Dr. Anton Drager (Rock Hudson) worships his own ego, and he has a cool contempt for anyone who does not do the same. He intends to pick the brains of a rumpled Rabelaisian master of tropical medicine named Brits Jansen (Burl Ives), and trade the findings for fame and fortune back home.

"Great balls of betel nut," roars Ives as he looks deep into the drawing-room eyes of the new arrival, "they've sent me a totok" which is Dutch slang for greenhorn. Straightaway, Ives saves scene after scene of the picture by stealing it. Guzzling what he calls P.G. (pure gin) from a half-gallon tin, charging and trumpeting like a white war elephant in a Panama suit, Ives produces his gutsiest acting triumph since Big Daddy.

He schools the totok irascibly and well. Ives shows him selfless compassion in a colony of lepers, superstitious fear and grief in a plague-ridden village that must be dynamited hut by hut, aristocratic pride and dignity in a top-hatted native chief who tries to save his rat-ridden palace from Ives's sanitizing torches by playing billiards for it. These scenes, and the hot tropic scenery, are stubbornly convincing. Ives cannot school Hudson to believe in God, perhaps because his own version harbors more fear than love: "Out here in the jungle when a man doesn't believe in God, He pokes him with His finger and makes him squirm."
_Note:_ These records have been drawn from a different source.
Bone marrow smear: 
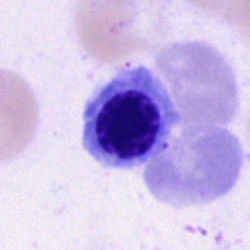 Showing a normoblast.
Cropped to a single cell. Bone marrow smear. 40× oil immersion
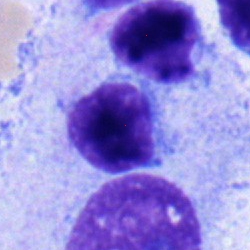 Showing a lymphocyte.
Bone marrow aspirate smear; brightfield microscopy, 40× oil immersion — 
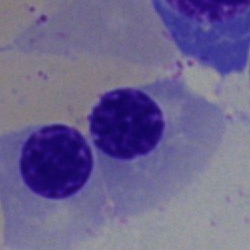

The morphological class is normoblast.
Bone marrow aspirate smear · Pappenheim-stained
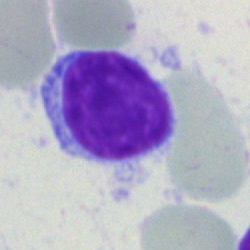

Morphology consistent with a typical lymphocyte.
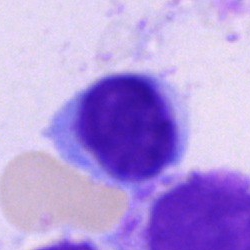
Q: What type of cell is this?
A: This is a typical lymphocyte.
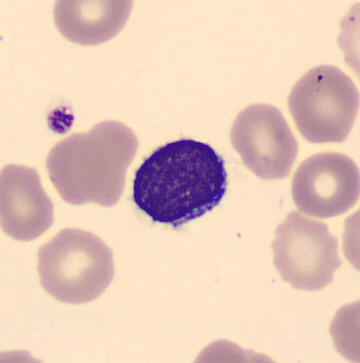

Peripheral blood smear.

Q: What type of cell is this?
A: Typical lymphocyte.
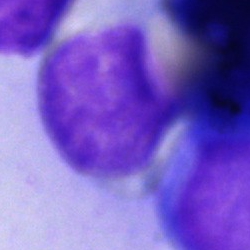 Morphology → cell of indeterminate lineage.
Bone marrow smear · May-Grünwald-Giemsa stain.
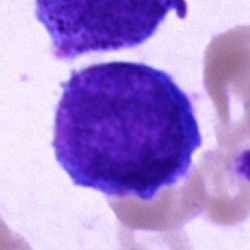 Impression → blast cell.
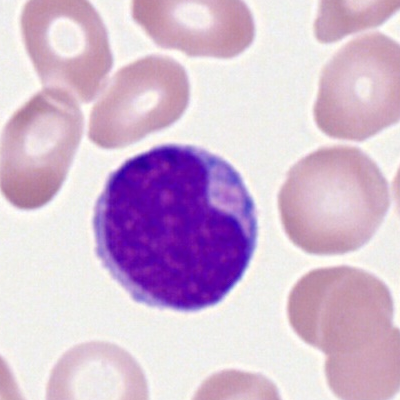
Specimen: peripheral blood smear.
Morphological class: myeloblast.
Lineage: myeloid.
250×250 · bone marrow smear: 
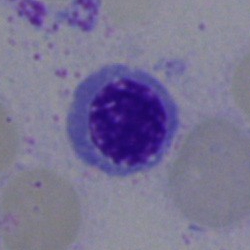Cell type — normoblast.
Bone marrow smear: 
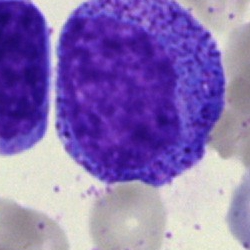
A progranulocyte.
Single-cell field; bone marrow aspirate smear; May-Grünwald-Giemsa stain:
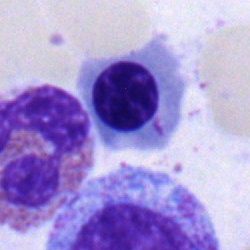
This is an erythroblast.
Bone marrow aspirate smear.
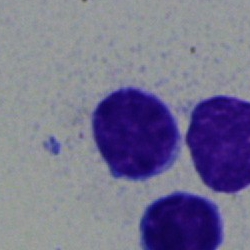
Showing a typical lymphocyte.
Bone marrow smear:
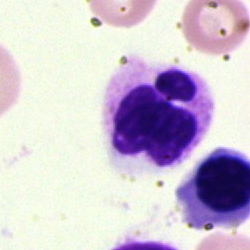
Q: Which cell type is shown here?
A: It is a segmented neutrophil.
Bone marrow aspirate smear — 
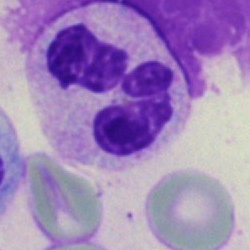 Single cell identified as a segmented neutrophil.
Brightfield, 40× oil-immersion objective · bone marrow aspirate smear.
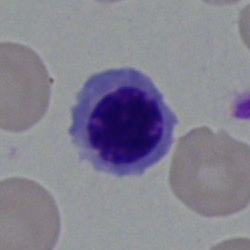

Impression — nucleated red blood cell.
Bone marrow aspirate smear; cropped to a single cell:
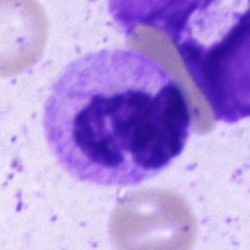

Impression → segmented neutrophil.
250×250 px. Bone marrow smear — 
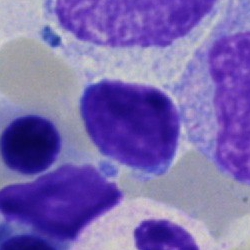

Showing a lymphocyte.
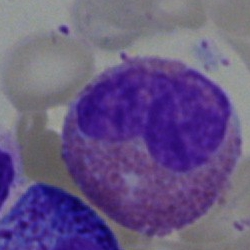

Impression — eosinophilic granulocyte.
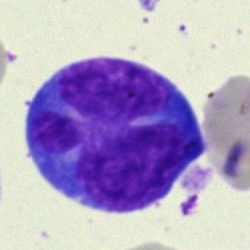

Impression → blast.
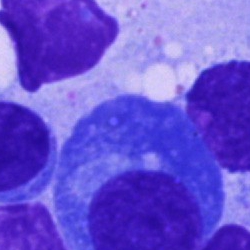Morphology — plasmacyte.
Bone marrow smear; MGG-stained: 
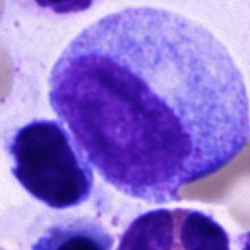

Showing a promyelocyte.
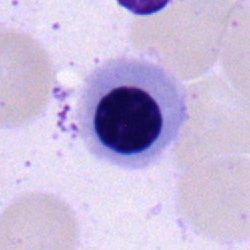 Specimen: bone marrow smear.
Cell: erythroblast.
Lineage: erythroid.
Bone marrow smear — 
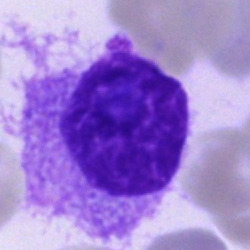 Showing an artifact.
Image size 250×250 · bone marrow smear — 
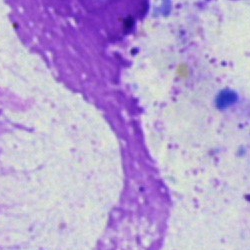 Cell: artifact.
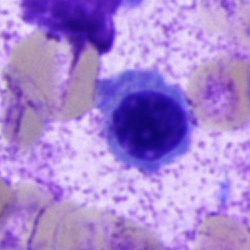

{"cell_type": "nucleated red cell", "lineage": "erythroid"}
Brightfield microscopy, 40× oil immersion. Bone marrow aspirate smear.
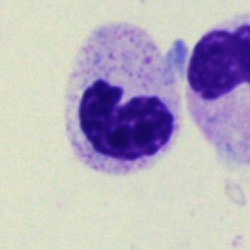 Band neutrophil.
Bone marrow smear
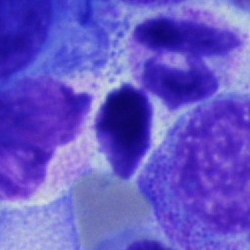

Single cell identified as a typical lymphocyte.
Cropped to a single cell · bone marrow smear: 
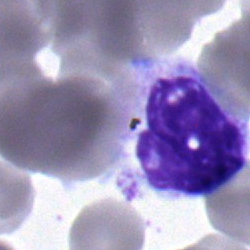 {"cell_type": "monocyte"}
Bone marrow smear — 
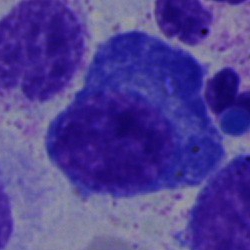Showing a plasmacyte.
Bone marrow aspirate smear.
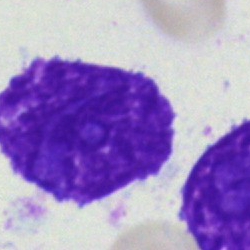
The morphological class is artefact.
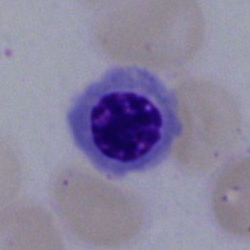An erythroblast on a bone marrow smear.
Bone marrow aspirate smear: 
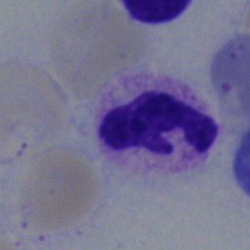
The cell shown is a polymorphonuclear neutrophil.
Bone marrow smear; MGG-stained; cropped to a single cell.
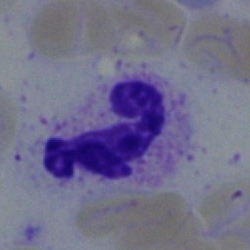

Specimen: bone marrow aspirate smear.
Cell type: polymorphonuclear neutrophil.
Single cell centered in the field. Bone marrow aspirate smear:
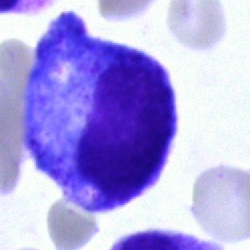
Classification = promyelocyte.
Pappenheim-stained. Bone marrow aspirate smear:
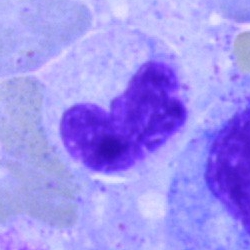 Showing a band neutrophil.
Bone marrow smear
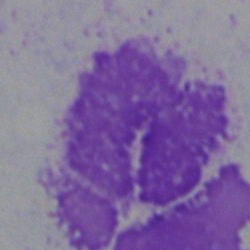 Cell type — artefact.
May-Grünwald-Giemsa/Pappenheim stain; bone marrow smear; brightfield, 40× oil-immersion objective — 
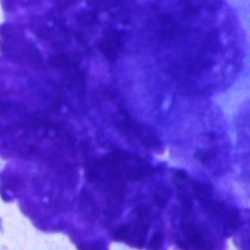

Showing an artifact.
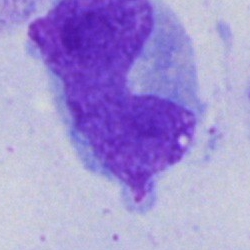
Cell type = band neutrophil.
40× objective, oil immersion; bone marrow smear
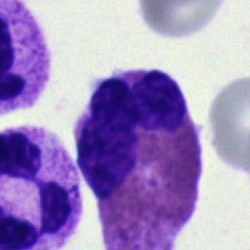
Morphology consistent with an eosinophil.
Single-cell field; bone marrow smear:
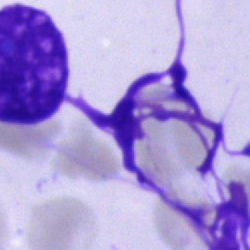This is an artifact.
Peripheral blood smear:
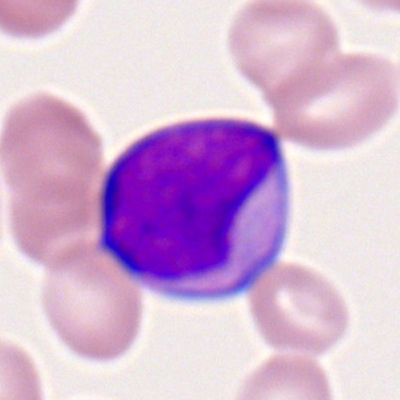Morphology consistent with a myeloid blast.
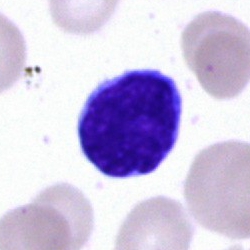

Bone marrow aspirate smear, single cell — lymphocyte.
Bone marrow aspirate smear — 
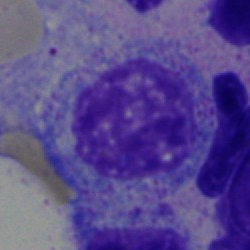

Classification: myelocyte.
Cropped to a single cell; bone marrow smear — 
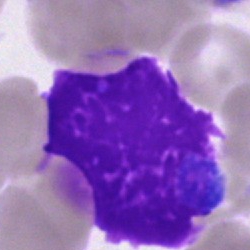 This is an artifact.
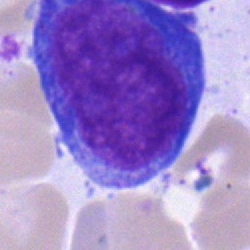 Bone marrow smear showing a proerythroblast.
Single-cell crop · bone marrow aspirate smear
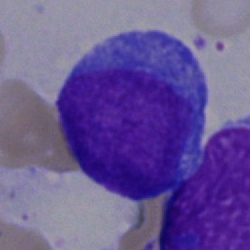

Specimen: bone marrow smear.
Cell: blast cell.
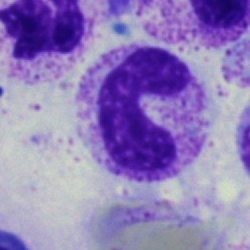Cell type = neutrophil (band).
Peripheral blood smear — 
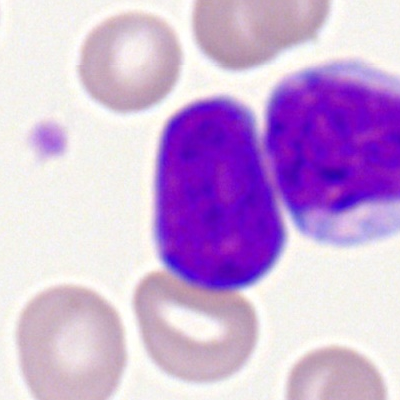Morphological class — myeloblast.
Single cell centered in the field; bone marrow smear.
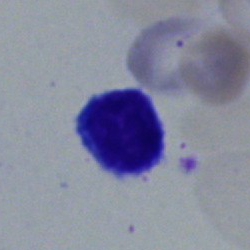

{"cell_type": "typical lymphocyte"}
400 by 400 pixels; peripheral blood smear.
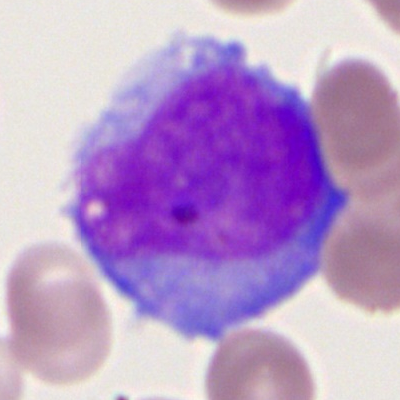
A myeloid blast.
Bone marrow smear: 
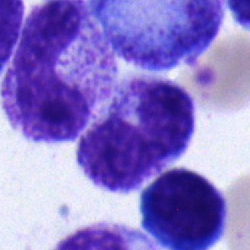Q: What is shown here?
A: A neutrophil (band).
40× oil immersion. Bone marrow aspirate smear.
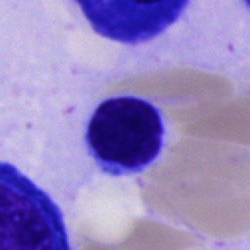
Q: Identify the cell.
A: A typical lymphocyte.
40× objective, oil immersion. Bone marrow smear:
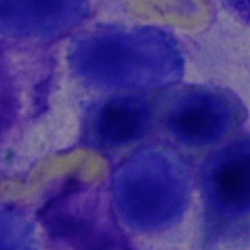 Specimen: bone marrow aspirate smear.
Cell type: nucleated red blood cell.
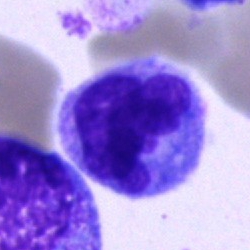

Cell: monocyte.
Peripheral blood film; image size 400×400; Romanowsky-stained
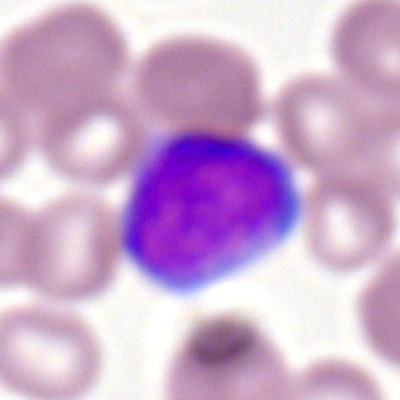
Specimen: peripheral blood smear.
Morphological class: myeloid blast.
Lineage: myeloid.
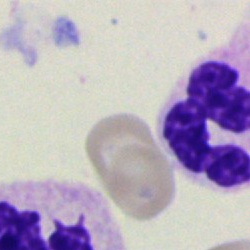 Polymorphonuclear neutrophil.
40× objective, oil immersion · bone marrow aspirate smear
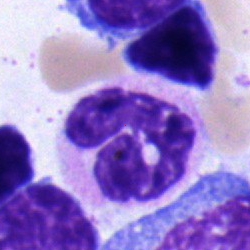

Cell: segmented neutrophil.
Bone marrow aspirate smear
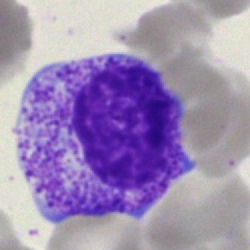
Morphology consistent with a myelocyte.
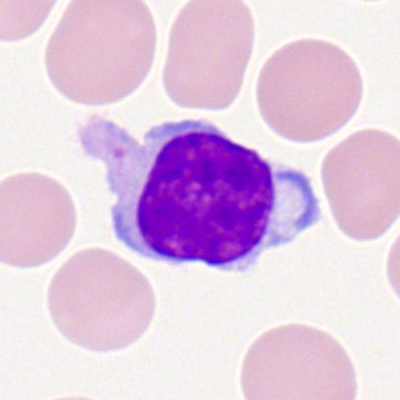
Peripheral blood smear showing a typical lymphocyte.
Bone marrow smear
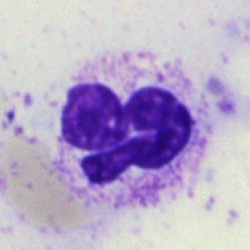 This is a neutrophil (segmented).
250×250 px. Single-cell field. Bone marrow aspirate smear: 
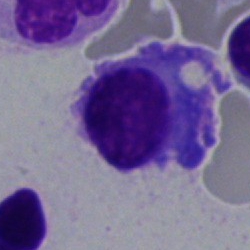

Specimen: bone marrow aspirate smear.
Classification: plasma cell.
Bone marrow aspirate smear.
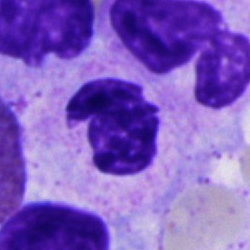
Morphology consistent with a polymorphonuclear neutrophil.
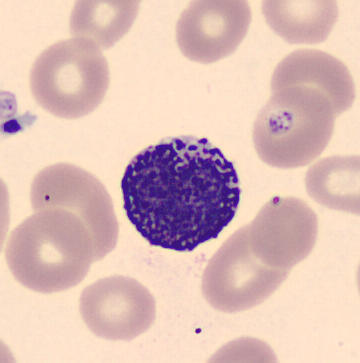Preparation: Peripheral blood film.
{"cell_type": "basophil", "lineage": "myeloid"}
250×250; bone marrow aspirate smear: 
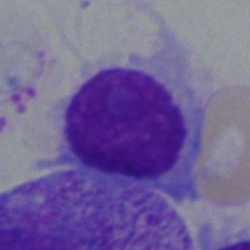Classification: plasma cell.
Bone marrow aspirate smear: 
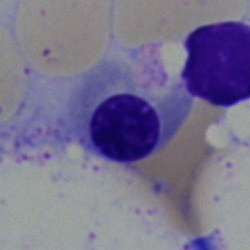

Q: What cell is this?
A: An erythroblast.
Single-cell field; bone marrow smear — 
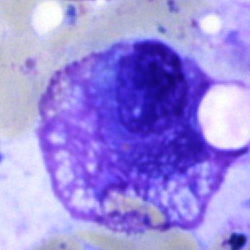Q: What is shown here?
A: It is an artefact.
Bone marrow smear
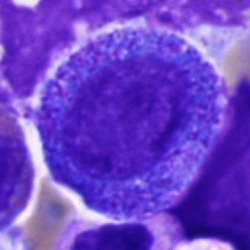

Classification = progranulocyte.

In the last third of the film, Hudson is driven to the babbling brink of insanity by a witch doctor in an isolated jungle outpost, and his once-scoffing lips utter a prayer. At this point, Rock Hudson abruptly begins to look less like Gary Grant and more like Dostoevsky. Neither disguise helps him to make any acting distinction between an encounter with God and a bout with the malarial mosquito.